Stored data entries:
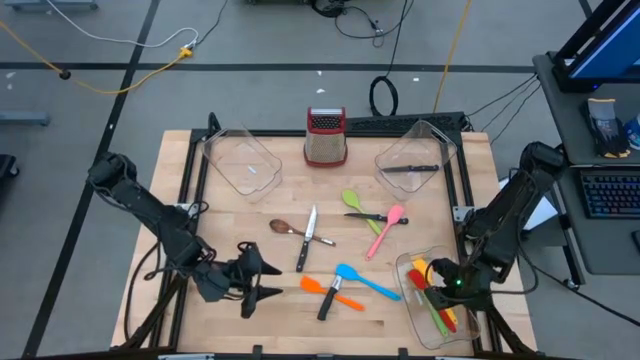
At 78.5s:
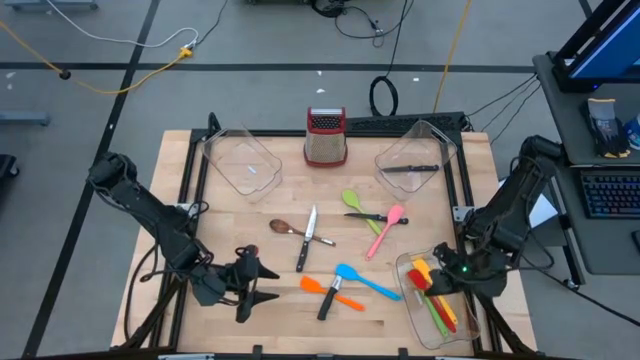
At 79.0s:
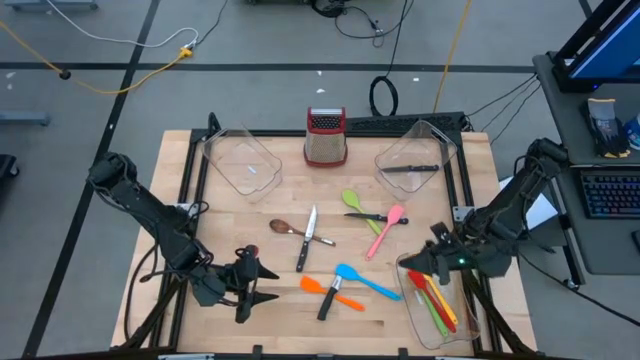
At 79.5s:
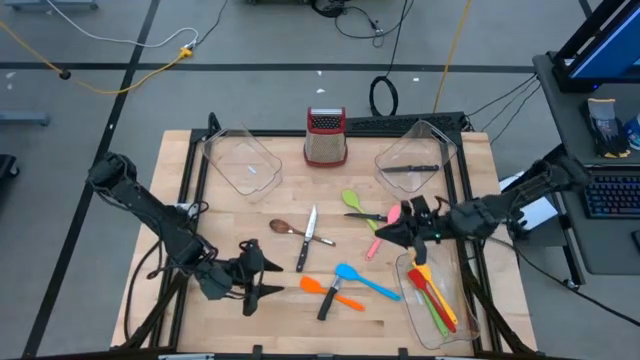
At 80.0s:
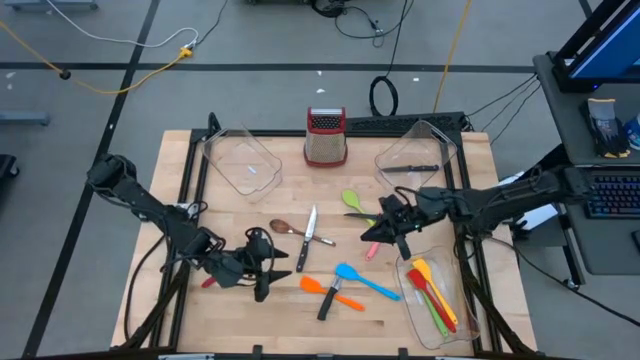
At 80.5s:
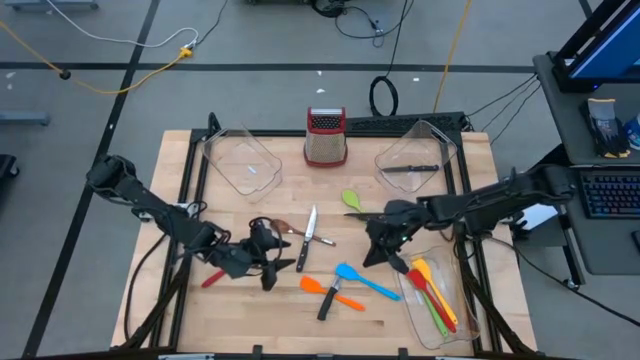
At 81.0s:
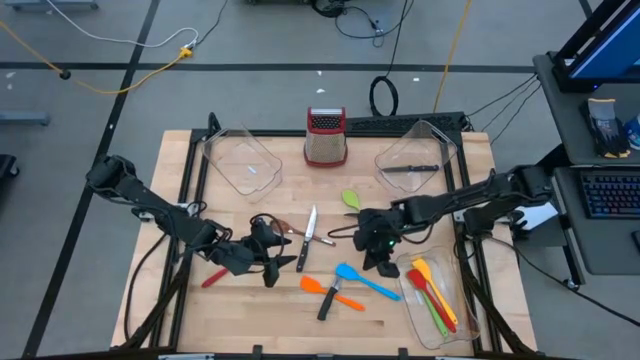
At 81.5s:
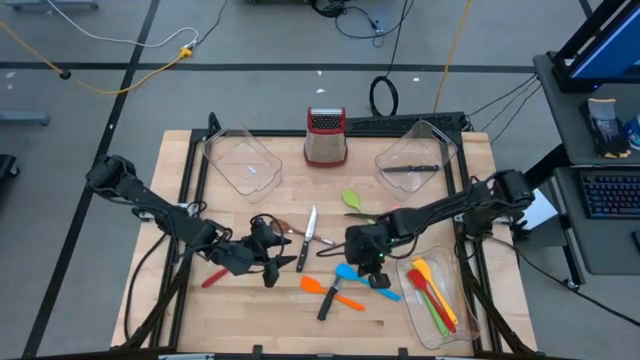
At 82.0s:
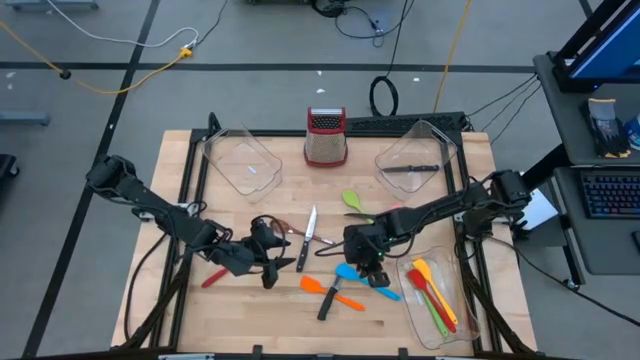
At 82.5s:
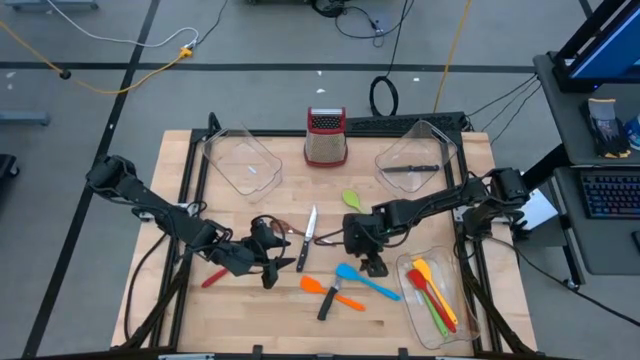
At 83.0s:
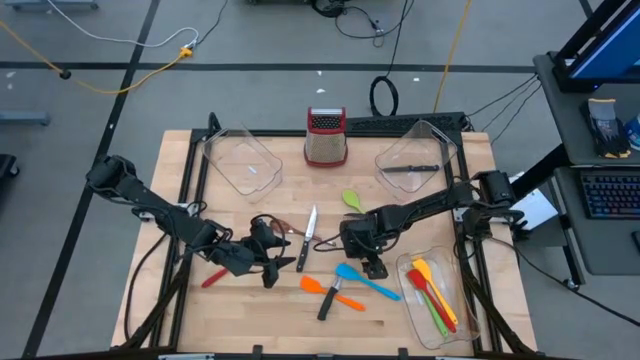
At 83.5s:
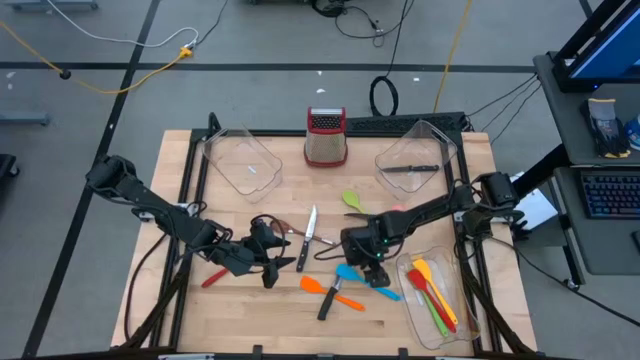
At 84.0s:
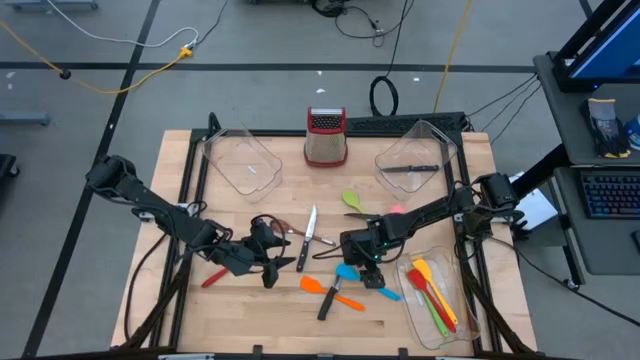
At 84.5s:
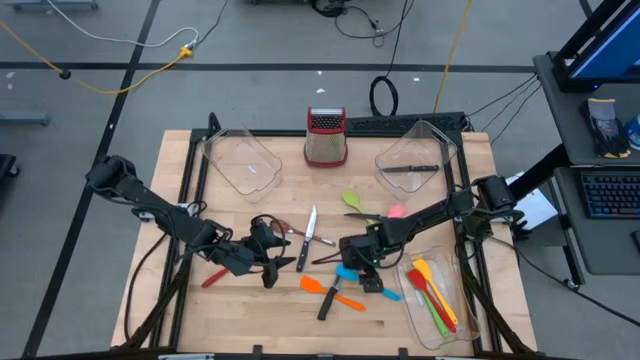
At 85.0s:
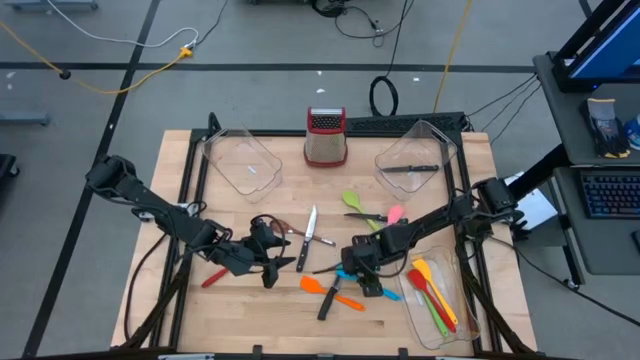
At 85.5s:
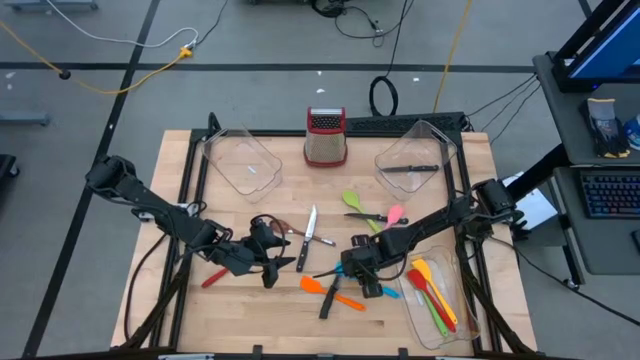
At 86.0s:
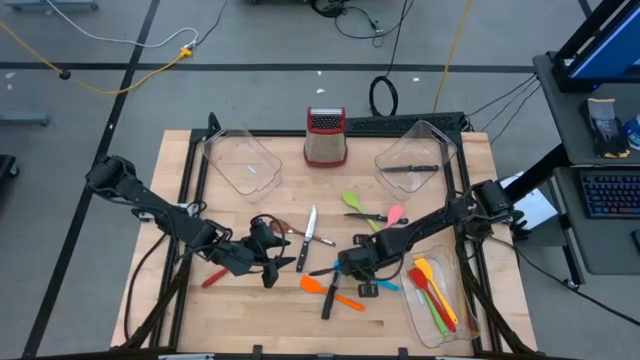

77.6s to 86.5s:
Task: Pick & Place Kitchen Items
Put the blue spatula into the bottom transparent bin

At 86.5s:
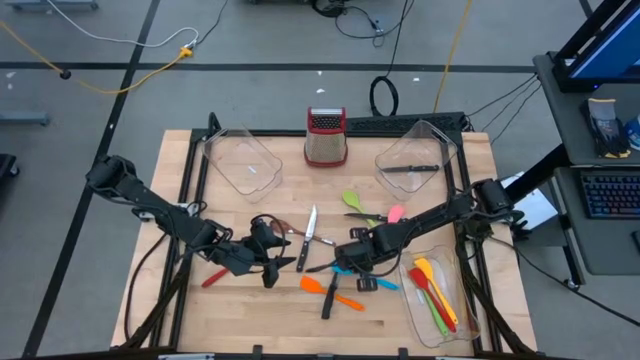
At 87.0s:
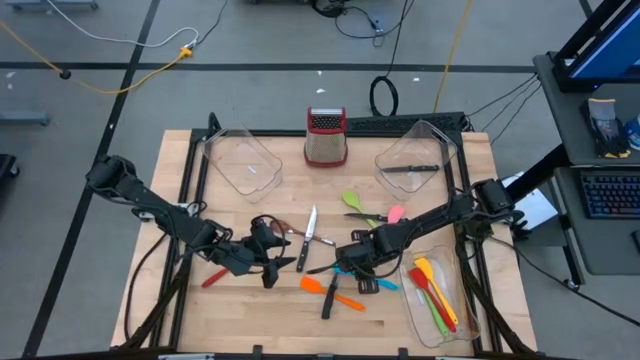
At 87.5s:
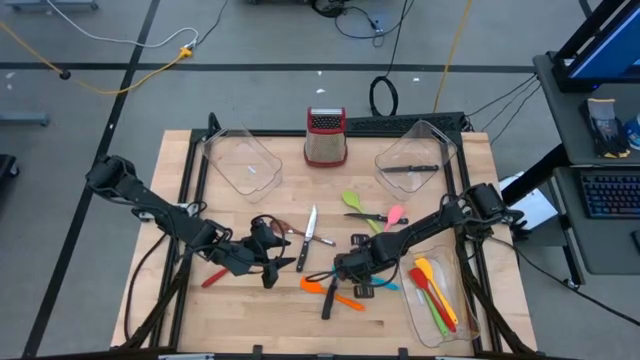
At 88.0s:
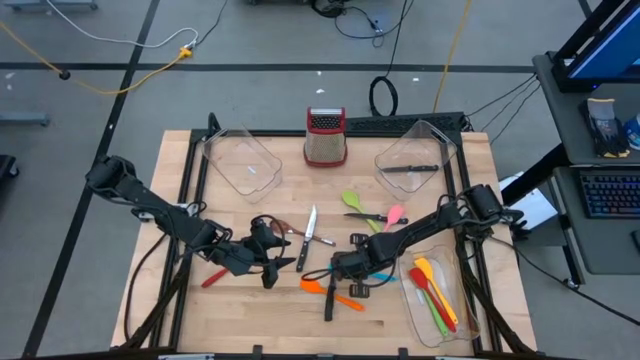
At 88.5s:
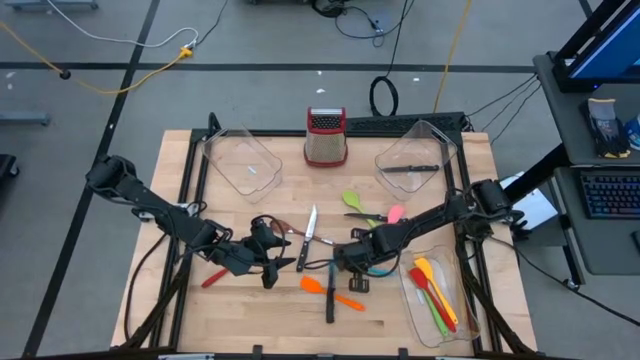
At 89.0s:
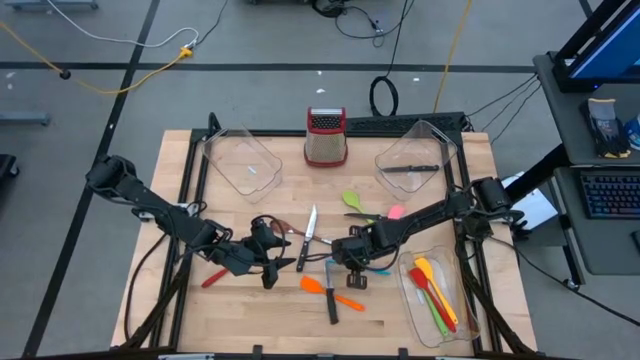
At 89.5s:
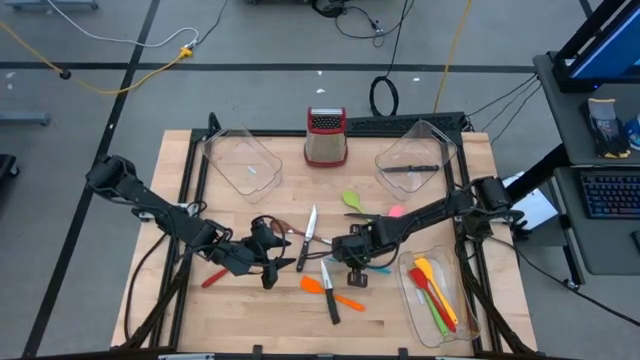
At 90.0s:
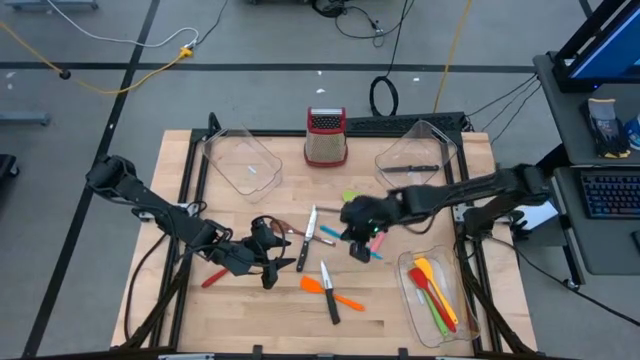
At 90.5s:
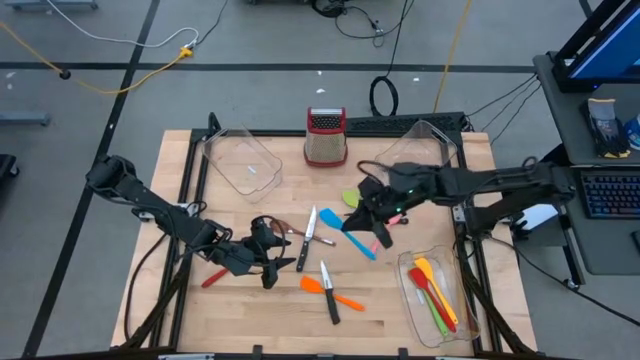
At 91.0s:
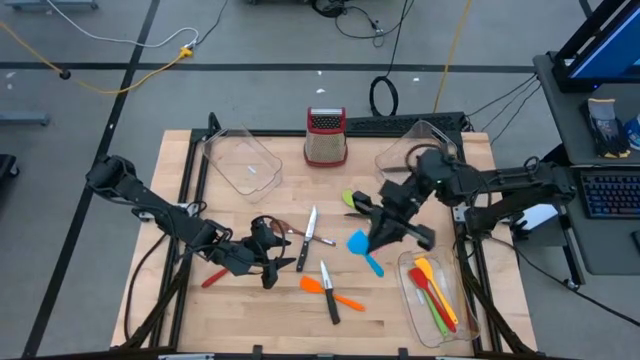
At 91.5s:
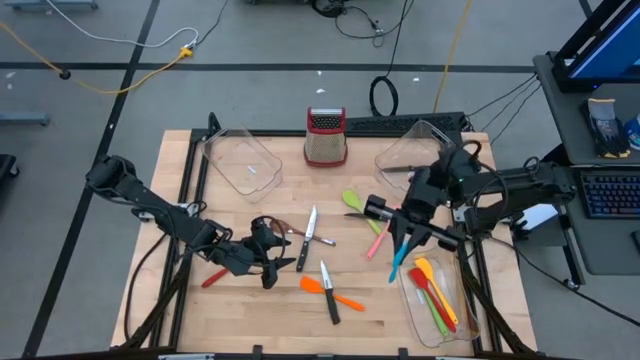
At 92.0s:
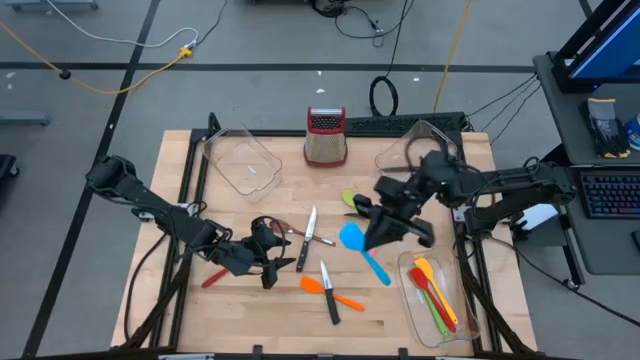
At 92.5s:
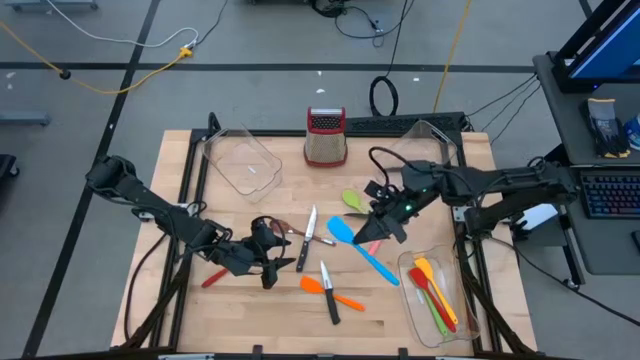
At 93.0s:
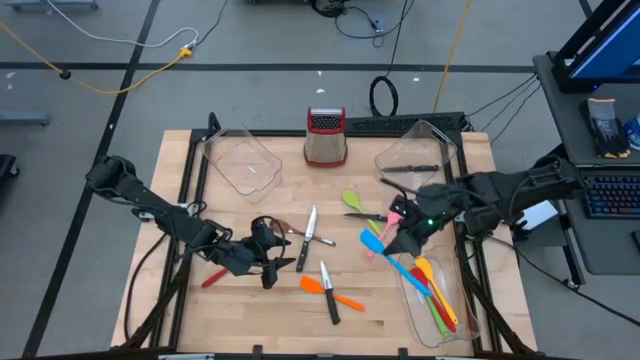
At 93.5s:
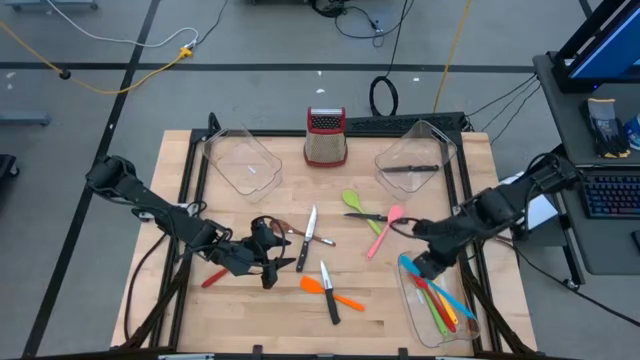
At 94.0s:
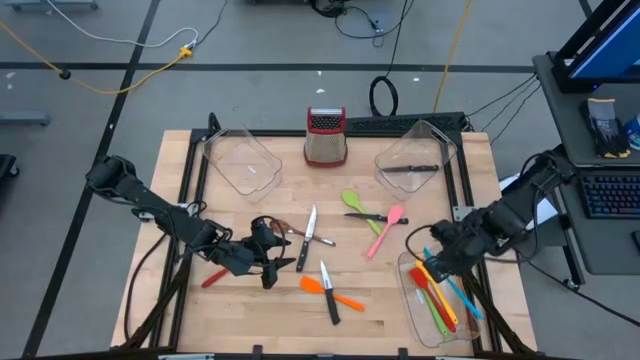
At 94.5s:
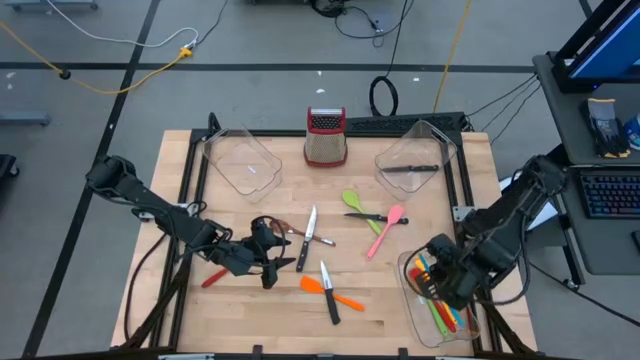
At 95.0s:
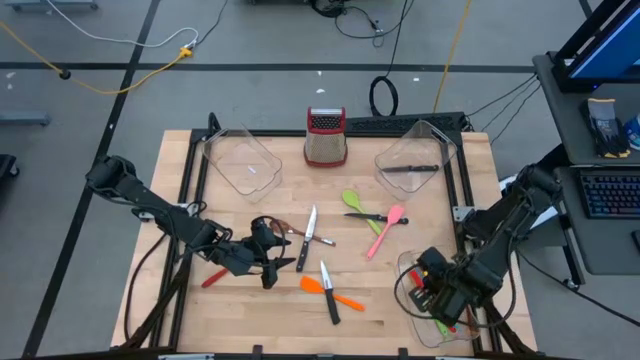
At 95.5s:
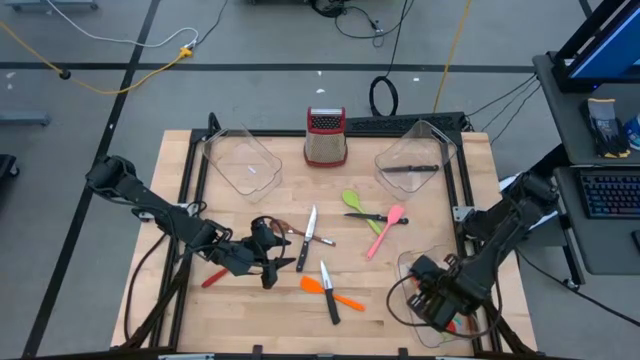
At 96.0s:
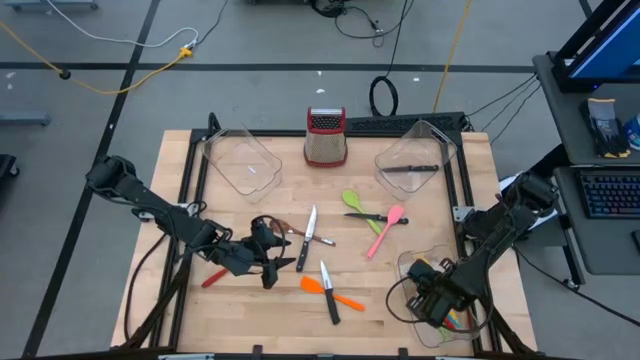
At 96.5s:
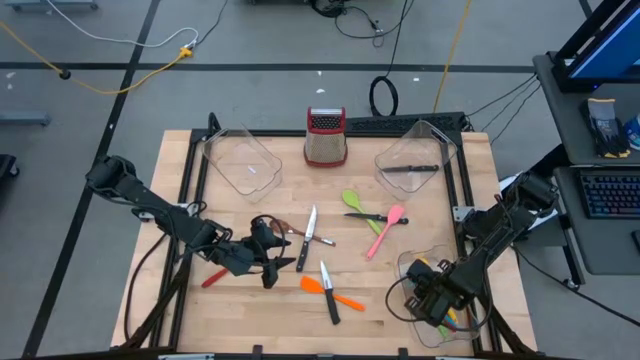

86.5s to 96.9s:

**Your objective**:
Copy out the data above exactly, except the pictures.

**Output**:
At 78.5s:
At 79.0s:
At 79.5s:
At 80.0s:
At 80.5s:
At 81.0s:
At 81.5s:
At 82.0s:
At 82.5s:
At 83.0s:
At 83.5s:
At 84.0s:
At 84.5s:
At 85.0s:
At 85.5s:
At 86.0s:

77.6s to 86.5s:
Task: Pick & Place Kitchen Items
Put the blue spatula into the bottom transparent bin

At 86.5s:
At 87.0s:
At 87.5s:
At 88.0s:
At 88.5s:
At 89.0s:
At 89.5s:
At 90.0s:
At 90.5s:
At 91.0s:
At 91.5s:
At 92.0s:
At 92.5s:
At 93.0s:
At 93.5s:
At 94.0s:
At 94.5s:
At 95.0s:
At 95.5s:
At 96.0s:
At 96.5s:

86.5s to 96.9s:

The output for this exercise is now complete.